__Problem to work on__: Could you count the lines in the data that contain "Scanner"? Reply with the number only.

__Data for this task__:
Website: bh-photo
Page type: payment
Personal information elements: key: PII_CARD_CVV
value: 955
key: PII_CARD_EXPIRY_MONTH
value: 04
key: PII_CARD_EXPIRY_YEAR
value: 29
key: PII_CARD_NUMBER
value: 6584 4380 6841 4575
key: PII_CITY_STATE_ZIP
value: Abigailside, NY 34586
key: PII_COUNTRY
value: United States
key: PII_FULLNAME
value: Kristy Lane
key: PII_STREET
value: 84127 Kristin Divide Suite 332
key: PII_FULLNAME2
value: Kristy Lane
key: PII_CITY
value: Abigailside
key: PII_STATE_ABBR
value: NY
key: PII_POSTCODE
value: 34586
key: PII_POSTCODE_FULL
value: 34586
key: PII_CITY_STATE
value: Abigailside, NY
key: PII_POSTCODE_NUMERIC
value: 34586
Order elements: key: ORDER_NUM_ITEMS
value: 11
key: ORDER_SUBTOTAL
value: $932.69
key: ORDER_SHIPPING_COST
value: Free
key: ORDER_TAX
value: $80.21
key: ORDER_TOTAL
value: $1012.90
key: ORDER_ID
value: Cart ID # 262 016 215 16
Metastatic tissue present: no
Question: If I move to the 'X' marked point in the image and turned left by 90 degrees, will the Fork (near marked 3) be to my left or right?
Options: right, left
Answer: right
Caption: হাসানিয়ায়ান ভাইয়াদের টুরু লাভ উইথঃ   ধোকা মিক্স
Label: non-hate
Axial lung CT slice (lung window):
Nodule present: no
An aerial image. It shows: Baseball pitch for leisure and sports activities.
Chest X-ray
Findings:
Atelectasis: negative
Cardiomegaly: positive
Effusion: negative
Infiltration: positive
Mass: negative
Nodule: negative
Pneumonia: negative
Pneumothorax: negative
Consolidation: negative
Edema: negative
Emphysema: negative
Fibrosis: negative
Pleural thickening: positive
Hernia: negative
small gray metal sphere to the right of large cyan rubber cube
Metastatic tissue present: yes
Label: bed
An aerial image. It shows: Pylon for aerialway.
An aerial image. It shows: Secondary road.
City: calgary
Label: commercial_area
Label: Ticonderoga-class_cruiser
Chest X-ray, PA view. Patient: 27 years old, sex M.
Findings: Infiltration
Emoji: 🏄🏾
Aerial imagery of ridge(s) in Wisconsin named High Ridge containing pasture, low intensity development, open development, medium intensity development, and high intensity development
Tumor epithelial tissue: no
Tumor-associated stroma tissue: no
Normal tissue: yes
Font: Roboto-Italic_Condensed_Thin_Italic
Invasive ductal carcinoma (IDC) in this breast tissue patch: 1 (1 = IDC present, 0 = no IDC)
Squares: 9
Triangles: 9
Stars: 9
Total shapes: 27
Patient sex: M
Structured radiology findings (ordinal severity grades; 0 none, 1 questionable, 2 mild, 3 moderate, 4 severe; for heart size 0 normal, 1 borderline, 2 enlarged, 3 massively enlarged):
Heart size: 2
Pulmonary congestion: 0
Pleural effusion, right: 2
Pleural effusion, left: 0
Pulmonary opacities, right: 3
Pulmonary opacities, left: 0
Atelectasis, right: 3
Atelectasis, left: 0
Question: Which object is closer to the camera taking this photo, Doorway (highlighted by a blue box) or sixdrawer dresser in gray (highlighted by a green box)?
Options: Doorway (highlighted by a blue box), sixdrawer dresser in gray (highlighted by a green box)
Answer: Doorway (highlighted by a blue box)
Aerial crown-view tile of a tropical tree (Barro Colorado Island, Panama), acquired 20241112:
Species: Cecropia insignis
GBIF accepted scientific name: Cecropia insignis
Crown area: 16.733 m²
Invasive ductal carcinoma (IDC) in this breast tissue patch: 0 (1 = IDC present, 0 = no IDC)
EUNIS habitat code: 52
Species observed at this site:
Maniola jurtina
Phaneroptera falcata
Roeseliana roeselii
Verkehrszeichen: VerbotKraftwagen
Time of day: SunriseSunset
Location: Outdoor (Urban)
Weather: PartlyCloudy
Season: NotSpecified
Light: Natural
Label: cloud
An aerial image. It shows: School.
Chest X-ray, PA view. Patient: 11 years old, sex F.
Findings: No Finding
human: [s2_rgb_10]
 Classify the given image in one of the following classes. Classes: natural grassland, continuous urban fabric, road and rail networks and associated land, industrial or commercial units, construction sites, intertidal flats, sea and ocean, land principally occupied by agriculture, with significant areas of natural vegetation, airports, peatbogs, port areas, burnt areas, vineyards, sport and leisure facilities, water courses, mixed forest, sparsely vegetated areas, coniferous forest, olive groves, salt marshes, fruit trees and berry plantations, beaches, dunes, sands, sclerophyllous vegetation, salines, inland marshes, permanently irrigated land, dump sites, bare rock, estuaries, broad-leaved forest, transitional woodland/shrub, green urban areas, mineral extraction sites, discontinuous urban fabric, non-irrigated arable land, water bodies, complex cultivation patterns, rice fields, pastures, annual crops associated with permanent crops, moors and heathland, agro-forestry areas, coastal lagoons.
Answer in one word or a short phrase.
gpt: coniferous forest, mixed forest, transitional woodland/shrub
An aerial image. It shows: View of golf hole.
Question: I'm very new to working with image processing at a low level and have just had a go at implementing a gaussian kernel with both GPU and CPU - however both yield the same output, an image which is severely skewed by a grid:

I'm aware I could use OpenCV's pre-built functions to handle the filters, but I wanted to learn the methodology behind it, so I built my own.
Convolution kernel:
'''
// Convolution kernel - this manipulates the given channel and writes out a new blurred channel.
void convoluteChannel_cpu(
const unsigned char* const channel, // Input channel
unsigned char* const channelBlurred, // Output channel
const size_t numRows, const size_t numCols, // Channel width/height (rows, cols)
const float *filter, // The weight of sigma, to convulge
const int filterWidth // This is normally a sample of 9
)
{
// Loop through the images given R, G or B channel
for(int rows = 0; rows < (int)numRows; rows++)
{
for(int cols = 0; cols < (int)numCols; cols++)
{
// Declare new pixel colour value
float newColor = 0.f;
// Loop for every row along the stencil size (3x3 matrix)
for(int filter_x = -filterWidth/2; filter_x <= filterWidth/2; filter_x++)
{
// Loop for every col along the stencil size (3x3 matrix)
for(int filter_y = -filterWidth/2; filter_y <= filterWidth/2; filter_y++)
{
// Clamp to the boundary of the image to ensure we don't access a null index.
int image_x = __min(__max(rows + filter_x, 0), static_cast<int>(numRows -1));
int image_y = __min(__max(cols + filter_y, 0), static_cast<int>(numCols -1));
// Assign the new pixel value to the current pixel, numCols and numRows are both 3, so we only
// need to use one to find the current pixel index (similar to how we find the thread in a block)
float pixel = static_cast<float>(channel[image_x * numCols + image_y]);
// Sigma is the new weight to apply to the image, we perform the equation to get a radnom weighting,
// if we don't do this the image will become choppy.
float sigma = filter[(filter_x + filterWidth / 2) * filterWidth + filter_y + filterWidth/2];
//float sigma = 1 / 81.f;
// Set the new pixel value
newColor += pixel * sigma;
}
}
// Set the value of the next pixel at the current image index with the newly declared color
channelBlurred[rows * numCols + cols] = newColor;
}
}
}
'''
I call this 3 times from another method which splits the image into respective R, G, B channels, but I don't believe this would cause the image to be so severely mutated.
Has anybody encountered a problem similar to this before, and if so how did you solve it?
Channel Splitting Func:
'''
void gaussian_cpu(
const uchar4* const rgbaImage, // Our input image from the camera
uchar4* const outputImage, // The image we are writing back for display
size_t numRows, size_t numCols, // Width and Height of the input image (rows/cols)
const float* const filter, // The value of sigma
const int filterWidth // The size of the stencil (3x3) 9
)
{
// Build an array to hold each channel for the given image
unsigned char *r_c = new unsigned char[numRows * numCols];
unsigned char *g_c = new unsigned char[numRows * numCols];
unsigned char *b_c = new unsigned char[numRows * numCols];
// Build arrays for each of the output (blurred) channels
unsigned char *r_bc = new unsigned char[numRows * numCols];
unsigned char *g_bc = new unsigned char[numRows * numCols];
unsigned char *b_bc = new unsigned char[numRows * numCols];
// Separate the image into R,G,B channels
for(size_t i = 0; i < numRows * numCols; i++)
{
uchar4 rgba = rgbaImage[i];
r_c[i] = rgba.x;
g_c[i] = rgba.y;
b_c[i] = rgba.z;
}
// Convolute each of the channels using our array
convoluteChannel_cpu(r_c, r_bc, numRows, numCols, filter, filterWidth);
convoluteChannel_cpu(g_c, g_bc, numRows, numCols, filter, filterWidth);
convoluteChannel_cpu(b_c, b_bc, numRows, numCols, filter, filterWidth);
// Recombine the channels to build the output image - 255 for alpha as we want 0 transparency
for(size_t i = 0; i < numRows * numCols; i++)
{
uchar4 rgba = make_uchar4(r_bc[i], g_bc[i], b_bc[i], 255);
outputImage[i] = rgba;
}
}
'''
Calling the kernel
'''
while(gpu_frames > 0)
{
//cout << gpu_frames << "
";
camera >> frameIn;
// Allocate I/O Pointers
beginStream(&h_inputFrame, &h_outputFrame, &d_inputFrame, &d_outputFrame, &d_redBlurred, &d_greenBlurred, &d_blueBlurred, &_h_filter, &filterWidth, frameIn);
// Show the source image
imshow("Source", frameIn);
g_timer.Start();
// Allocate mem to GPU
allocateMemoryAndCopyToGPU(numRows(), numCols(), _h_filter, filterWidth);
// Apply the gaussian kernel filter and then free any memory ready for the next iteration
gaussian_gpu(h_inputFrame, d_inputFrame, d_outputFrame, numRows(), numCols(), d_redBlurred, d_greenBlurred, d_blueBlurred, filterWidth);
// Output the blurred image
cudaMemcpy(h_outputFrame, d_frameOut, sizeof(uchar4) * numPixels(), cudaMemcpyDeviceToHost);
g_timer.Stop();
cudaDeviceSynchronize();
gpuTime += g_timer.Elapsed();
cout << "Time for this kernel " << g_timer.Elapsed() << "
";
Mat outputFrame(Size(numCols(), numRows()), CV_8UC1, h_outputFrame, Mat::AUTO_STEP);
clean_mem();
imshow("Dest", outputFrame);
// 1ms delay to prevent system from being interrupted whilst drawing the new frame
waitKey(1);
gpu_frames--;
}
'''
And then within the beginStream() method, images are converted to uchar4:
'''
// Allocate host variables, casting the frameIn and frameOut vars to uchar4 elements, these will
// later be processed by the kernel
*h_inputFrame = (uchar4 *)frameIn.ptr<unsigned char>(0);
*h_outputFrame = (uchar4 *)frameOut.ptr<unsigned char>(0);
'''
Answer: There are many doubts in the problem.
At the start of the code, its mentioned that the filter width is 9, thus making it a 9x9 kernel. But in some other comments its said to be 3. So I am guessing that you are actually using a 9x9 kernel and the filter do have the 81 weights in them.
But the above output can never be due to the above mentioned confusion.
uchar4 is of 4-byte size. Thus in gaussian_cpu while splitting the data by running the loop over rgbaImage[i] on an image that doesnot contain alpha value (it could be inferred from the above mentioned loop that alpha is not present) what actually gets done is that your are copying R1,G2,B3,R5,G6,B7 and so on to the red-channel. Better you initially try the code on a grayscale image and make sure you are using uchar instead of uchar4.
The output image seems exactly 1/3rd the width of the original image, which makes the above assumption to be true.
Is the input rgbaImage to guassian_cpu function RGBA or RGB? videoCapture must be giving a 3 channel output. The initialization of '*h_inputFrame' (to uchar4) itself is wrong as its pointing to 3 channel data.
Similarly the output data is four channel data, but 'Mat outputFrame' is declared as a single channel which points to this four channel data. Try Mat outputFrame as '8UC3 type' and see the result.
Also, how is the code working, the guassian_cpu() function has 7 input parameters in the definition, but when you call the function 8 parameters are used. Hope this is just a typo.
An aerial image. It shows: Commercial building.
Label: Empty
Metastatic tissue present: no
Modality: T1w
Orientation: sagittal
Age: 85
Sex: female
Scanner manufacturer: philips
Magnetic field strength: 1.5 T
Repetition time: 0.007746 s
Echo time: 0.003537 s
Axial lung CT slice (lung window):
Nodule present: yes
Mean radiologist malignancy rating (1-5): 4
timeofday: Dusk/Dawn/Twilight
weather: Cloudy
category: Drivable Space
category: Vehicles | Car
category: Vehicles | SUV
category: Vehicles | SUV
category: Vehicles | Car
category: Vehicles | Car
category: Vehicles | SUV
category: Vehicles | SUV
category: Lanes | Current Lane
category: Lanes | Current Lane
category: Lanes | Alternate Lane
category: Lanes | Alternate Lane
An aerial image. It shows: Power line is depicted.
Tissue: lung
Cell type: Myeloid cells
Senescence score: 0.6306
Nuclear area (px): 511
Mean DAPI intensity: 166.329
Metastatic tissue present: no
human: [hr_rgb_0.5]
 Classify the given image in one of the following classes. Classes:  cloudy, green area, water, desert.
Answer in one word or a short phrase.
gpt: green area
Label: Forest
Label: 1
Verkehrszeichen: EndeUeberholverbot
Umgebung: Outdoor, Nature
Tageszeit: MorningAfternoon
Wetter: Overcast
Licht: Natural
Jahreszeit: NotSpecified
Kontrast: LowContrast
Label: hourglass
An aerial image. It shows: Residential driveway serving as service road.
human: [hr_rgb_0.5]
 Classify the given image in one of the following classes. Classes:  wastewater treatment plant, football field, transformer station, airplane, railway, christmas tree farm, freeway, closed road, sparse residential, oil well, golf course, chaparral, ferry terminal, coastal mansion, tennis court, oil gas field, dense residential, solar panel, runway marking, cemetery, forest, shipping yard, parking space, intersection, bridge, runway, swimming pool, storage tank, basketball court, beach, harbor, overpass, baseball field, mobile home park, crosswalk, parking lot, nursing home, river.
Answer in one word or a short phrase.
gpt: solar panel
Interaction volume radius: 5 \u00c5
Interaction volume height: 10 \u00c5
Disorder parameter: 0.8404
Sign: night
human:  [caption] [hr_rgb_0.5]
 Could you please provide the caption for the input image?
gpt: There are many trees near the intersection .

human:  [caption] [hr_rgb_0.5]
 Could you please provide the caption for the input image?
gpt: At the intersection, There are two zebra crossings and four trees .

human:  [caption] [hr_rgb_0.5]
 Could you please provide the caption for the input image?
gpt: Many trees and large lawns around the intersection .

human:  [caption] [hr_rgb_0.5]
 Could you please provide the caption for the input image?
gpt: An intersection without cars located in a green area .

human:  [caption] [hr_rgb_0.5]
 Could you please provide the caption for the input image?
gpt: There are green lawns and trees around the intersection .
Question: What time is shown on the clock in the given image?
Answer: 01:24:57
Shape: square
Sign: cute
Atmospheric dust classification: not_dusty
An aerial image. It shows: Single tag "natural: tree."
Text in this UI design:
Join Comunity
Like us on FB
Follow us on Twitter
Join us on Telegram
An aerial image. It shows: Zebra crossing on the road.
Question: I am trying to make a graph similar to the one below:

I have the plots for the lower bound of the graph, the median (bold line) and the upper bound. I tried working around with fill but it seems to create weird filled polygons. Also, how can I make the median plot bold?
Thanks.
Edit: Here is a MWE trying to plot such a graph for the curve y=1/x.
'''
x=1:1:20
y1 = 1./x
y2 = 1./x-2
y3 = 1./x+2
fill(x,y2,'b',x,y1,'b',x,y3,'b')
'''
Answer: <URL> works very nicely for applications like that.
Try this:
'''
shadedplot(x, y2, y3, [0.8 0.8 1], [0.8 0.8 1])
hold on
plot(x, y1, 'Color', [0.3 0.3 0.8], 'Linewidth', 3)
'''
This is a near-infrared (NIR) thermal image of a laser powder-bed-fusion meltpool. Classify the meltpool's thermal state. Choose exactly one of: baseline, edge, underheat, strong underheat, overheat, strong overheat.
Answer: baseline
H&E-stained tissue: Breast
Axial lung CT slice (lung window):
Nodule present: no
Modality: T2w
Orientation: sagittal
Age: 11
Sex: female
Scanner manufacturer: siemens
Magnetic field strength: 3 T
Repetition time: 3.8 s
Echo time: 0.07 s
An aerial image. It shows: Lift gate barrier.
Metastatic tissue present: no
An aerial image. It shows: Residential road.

__Response area__: 2